*What to work on*.
Scan the data for "serif" and copy each matching line.

= Beginning of Section =

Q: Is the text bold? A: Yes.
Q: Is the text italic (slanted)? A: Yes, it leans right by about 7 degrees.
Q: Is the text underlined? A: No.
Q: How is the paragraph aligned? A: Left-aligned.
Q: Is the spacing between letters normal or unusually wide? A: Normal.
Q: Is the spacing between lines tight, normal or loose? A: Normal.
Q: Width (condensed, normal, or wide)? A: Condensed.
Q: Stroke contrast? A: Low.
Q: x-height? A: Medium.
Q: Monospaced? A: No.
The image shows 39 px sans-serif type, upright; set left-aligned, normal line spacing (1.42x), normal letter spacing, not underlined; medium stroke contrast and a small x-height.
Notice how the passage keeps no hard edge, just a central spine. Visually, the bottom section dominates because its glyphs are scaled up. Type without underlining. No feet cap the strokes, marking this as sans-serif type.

= End of Section =
= Beginning of Section =

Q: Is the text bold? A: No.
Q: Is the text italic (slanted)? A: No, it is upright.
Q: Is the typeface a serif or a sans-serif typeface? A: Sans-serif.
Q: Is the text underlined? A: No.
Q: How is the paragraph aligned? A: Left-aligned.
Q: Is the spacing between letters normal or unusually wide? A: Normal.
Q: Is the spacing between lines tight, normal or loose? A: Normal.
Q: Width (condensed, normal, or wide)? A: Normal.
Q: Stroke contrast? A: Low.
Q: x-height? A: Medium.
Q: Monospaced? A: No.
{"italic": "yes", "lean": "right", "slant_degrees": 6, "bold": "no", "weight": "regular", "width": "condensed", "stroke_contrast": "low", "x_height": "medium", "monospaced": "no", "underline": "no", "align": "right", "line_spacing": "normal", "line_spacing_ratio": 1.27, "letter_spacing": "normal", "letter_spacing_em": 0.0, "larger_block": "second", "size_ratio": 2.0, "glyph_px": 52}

= End of Section =

*Written response*.
The image shows 39 px sans-serif type, upright; set left-aligned, normal line spacing (1.42x), normal letter spacing, not underlined; medium stroke contrast and a small x-height.
Notice how the passage keeps no hard edge, just a central spine. Visually, the bottom section dominates because its glyphs are scaled up. Type without underlining. No feet cap the strokes, marking this as sans-serif type.
Q: Is the typeface a serif or a sans-serif typeface? A: Sans-serif.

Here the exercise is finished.